• _What the exercise asks_: Print only the lines below from the one with "The image shows 27" to the one with "The image shows 51", both included, exactly as they stand. Leave pictures out.

• _Source material_:
-=-=-=-=-

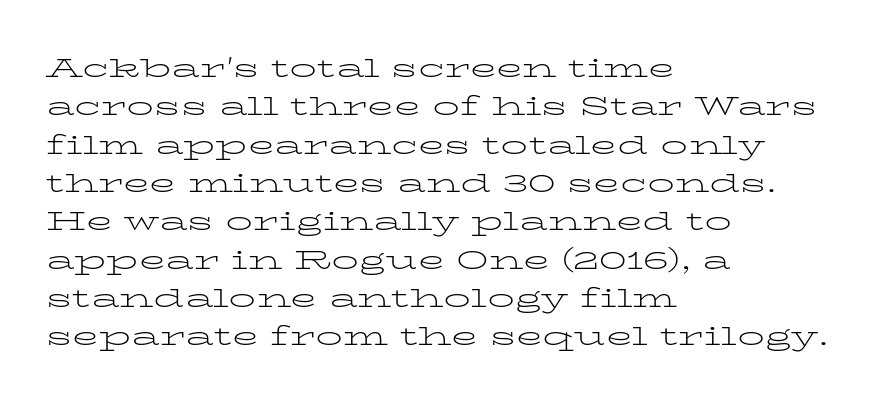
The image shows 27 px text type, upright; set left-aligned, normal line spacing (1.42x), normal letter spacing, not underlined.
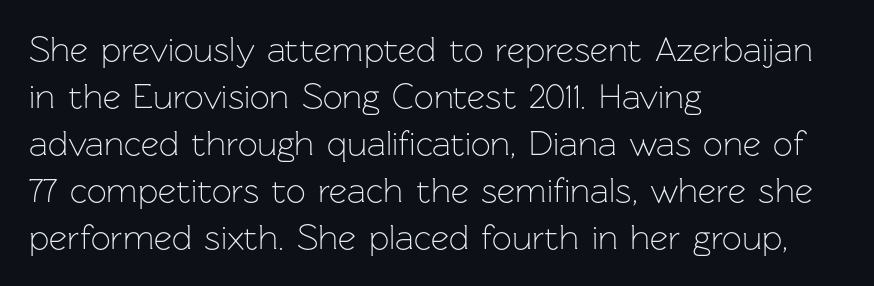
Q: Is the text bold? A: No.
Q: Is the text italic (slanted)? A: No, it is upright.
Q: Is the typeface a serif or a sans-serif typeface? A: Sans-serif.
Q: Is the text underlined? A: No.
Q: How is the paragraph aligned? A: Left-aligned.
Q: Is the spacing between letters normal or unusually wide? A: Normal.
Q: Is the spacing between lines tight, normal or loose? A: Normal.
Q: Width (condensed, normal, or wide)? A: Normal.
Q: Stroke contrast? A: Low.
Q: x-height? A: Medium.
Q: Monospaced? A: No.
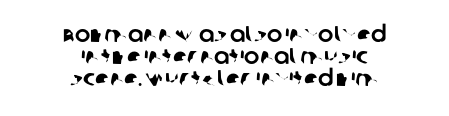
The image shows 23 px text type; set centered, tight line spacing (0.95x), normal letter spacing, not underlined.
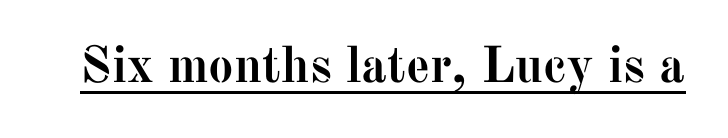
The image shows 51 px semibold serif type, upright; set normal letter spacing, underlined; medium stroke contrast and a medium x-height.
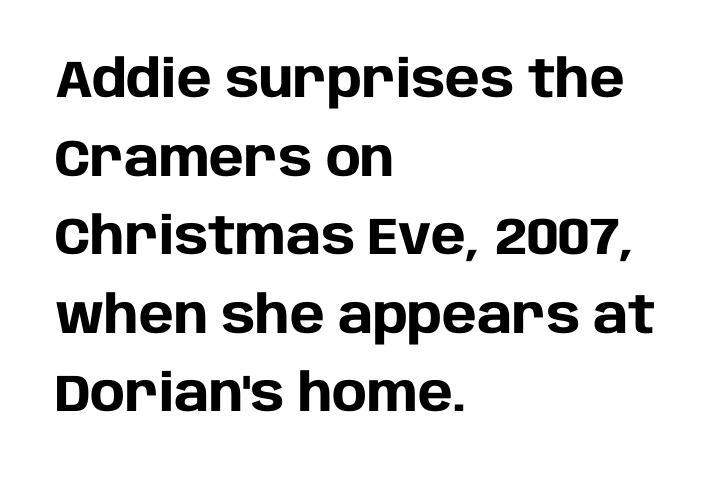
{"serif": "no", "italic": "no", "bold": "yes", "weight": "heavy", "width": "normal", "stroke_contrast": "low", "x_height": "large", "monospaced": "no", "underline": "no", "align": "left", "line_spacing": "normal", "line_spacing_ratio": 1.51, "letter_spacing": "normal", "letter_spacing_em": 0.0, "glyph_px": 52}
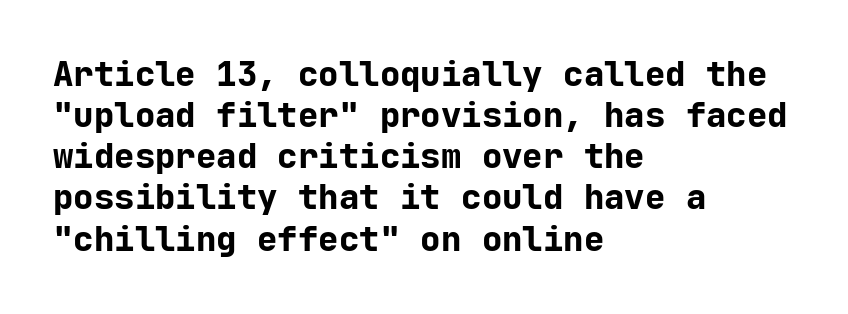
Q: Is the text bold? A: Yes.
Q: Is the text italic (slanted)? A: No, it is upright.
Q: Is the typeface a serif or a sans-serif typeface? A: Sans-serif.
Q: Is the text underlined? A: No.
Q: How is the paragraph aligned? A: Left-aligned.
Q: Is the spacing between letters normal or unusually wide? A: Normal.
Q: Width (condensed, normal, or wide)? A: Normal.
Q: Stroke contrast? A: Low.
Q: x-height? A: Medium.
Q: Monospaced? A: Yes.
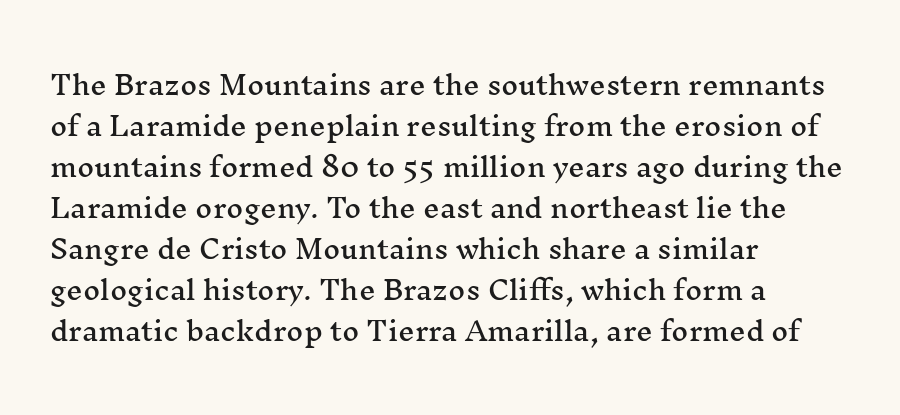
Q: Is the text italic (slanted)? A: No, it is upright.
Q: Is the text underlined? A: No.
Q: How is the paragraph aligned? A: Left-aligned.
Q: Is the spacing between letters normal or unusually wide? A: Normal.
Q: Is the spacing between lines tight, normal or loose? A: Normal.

-=-=-=-=-

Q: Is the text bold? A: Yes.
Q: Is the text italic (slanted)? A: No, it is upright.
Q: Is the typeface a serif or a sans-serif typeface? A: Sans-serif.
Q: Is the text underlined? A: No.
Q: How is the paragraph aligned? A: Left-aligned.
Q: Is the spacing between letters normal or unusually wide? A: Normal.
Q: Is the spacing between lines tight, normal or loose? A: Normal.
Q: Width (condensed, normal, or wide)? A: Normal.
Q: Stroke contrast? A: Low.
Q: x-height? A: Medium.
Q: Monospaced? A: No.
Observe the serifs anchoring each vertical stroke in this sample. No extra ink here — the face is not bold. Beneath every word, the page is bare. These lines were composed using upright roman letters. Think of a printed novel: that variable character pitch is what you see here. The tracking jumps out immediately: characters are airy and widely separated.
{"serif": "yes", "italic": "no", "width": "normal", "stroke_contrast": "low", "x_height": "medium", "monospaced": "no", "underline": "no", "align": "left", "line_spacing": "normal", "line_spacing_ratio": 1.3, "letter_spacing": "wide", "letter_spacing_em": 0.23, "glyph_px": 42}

-=-=-=-=-

• _Solution to this task_:
The image shows 27 px text type, upright; set left-aligned, normal line spacing (1.42x), normal letter spacing, not underlined.
Q: Is the text bold? A: No.
Q: Is the text italic (slanted)? A: No, it is upright.
Q: Is the typeface a serif or a sans-serif typeface? A: Sans-serif.
Q: Is the text underlined? A: No.
Q: How is the paragraph aligned? A: Left-aligned.
Q: Is the spacing between letters normal or unusually wide? A: Normal.
Q: Is the spacing between lines tight, normal or loose? A: Normal.
Q: Width (condensed, normal, or wide)? A: Normal.
Q: Stroke contrast? A: Low.
Q: x-height? A: Medium.
Q: Monospaced? A: No.
The image shows 23 px text type; set centered, tight line spacing (0.95x), normal letter spacing, not underlined.
The image shows 51 px semibold serif type, upright; set normal letter spacing, underlined; medium stroke contrast and a medium x-height.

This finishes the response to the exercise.